Doña Luisa y su marido llegaron ese domingo a la plaza y lo primero que encontraron fue a un grupo de campesinos frente al palacio de gobierno con carteles sobre la falta de agua en Tlaltenango, junto con los de la puerta principal frente a las fotos de los desaparecidos. Eran 12 personas pero con tantos mirones, parecía que se trataba de 150 manifestantes.

Caminaron un rato diciendo que esa es la verdadera plaza del pueblo, ya que ahí se encontraban todos los niveles socio-económicos y culturales de la ciudad. De la misma manera los había de la colonia Chipitlán los de la Barona, la señora con un perrito, sin faltar la bolsa de plástico y a la policía persiguiendo inútilmente a los vendedores ambulantes que les llaman “toreros”, ya que traen sus aretes y pulseras de fantasía o sus bolsas bordadas, colgadas en una reja de lámina, la que se dobla y guarda bajo el brazo en cuanto ven a la autoridad venir a quitarles su mercancía, pero a los cinco minutos ya están de nuevo mostrando sus artesanías.

Cansados de caminar bajo el sol, Roberto vio una banca con sombra, se desprendió del brazo de Luisa y se dirigió rápido hacia ella, pero una pareja de novios se le adelantaron y le ganaron el sitio; Luisa ya había encontrado otro lugar donde no daba el sol, aunque con otras dos parejas quedaron un poco apretados.

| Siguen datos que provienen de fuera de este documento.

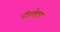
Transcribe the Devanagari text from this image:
पीरसेटम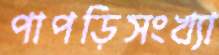
পাপড়িসংখ্যা

Desde ahí se veían los largos globos como lápices de colores brillantes y a un niño compitiendo con su papá, a ver quién lo podía aventar más alto, pero el niño siempre le ganaba. Luego pasó una niña llorando con su pájaro volador de papel de china en una mano y en la otra detenida por su abuelita, pues el abuelo no había podido hacer que volara como lo hacía el vendedor.

Y así se encontraban la que vendía los rebozos, frente a ellos pasó un joven con su patineta, mientras el bolero le insistía a don Roberto se dejara bolear y que le pagara 15 en lugar de 20 pesos, pues no se había persignado.

Y de esa manera se la pasaron observando a la gente que gozaba viendo a los niños jugar en patines, a las parejas como la que les habían quitado la banca tomados de la mano. Luisa suspiró recordando cuando venían caminaban por toda la plaza por el lado de adentro, mientras los jóvenes por fuera, caminaban en sentido contrario. Él preguntó qué se haría de don Pepe Gutiérrez, quien hacía todos los martes “La hora del pueblo”, donde se encontraba la estatua del General Morelos sentado con su machete al costado. A lo lejos se escucharon a un nutrido grupo de mariachis cantando las mañanitas mexicanas y los de alrededor del auto también les festejaban.  

Llegó la banda militar de una escuela a practicar para el desfile, pero se tuvieron que ir porque unos Concheros se instalaron a un lado del Astabandera con sus tambores, sus humeantes copas de  incienso, sus penachos de plumas, las conchas atadas a las espinillas y con sus vistosos trajes mexicas bailando alrededor de la plaza. 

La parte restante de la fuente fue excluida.